The client calls the methods in the IAudioCaptureClient interface to read captured data from an endpoint buffer. The client shares the endpoint buffer with the audio engine in shared mode and with the audio device in exclusive mode. To request an endpoint buffer of a particular size, the client calls the IAudioClient::Initialize method. To get the size of the allocated buffer, which might be different from the requested size, the client calls the IAudioClient::GetBufferSize method.

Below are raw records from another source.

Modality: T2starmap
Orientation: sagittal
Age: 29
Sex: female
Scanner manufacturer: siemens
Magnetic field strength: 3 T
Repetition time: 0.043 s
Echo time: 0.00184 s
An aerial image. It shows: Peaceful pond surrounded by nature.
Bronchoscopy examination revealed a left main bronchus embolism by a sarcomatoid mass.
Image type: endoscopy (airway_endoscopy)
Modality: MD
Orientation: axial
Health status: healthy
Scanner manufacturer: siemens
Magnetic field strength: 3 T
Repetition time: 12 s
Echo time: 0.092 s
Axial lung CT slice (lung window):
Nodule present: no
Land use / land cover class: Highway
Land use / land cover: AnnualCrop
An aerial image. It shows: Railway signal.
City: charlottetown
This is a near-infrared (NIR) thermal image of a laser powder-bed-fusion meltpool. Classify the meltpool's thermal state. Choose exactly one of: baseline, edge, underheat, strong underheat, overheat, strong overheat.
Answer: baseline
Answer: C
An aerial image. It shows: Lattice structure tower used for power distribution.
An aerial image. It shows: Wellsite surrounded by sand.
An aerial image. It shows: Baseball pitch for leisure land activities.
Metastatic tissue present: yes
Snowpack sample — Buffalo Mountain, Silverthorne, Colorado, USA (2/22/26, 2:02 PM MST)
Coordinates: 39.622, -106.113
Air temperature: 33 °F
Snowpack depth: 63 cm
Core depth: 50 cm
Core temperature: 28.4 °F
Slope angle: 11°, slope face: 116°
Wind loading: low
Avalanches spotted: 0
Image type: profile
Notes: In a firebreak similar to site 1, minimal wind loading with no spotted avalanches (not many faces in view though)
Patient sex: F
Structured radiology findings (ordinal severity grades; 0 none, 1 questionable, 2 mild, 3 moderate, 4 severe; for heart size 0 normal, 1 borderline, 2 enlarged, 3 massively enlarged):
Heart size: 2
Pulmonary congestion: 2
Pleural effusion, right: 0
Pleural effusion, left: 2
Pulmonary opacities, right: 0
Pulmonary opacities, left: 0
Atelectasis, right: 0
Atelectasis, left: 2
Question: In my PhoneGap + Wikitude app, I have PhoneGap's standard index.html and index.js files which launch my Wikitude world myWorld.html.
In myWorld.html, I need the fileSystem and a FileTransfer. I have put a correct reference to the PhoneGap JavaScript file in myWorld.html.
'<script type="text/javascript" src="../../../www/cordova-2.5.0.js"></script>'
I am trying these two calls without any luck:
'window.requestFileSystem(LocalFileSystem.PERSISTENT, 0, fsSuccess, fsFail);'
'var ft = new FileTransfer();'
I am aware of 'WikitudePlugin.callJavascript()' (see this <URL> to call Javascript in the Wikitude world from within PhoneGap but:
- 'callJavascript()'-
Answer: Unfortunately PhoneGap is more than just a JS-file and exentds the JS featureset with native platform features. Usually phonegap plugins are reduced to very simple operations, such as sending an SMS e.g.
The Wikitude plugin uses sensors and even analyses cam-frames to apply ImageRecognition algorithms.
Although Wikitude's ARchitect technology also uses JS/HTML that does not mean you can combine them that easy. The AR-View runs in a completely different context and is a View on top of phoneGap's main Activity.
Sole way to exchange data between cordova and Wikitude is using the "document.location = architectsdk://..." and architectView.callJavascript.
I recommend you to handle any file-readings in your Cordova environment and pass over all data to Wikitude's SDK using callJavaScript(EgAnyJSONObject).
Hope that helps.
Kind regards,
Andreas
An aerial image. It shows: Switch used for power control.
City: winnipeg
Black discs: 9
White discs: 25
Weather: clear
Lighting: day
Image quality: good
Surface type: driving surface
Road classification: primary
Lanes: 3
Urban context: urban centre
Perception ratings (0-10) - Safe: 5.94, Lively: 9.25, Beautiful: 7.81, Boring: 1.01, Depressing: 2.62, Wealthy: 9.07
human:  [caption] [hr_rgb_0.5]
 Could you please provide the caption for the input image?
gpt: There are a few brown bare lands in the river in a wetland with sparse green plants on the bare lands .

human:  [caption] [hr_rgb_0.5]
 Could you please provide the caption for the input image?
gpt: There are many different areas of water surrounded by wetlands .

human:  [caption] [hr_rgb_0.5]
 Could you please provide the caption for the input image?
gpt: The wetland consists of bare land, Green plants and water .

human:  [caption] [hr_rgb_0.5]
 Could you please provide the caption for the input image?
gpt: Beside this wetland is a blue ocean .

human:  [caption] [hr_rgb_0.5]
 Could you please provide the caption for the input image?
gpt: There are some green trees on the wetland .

To move a stream of captured data through the endpoint buffer, the client alternately calls the IAudioCaptureClient::GetBuffer method and the IAudioCaptureClient::ReleaseBuffer method. The client accesses the data in the endpoint buffer as a series of data packets. The GetBuffer call retrieves the next packet of captured data from the buffer. After reading the data from the packet, the client calls ReleaseBuffer to release the packet and make it available for more captured data.

The packet size can vary from one GetBuffer call to the next. Before calling GetBuffer, the client has the option of calling the IAudioCaptureClient::GetNextPacketSize method to get the size of the next packet in advance. In addition, the client can call the IAudioClient::GetCurrentPadding method to get the total amount of captured data that is available in the buffer. At any instant, the packet size is always less than or equal to the total amount of captured data in the buffer.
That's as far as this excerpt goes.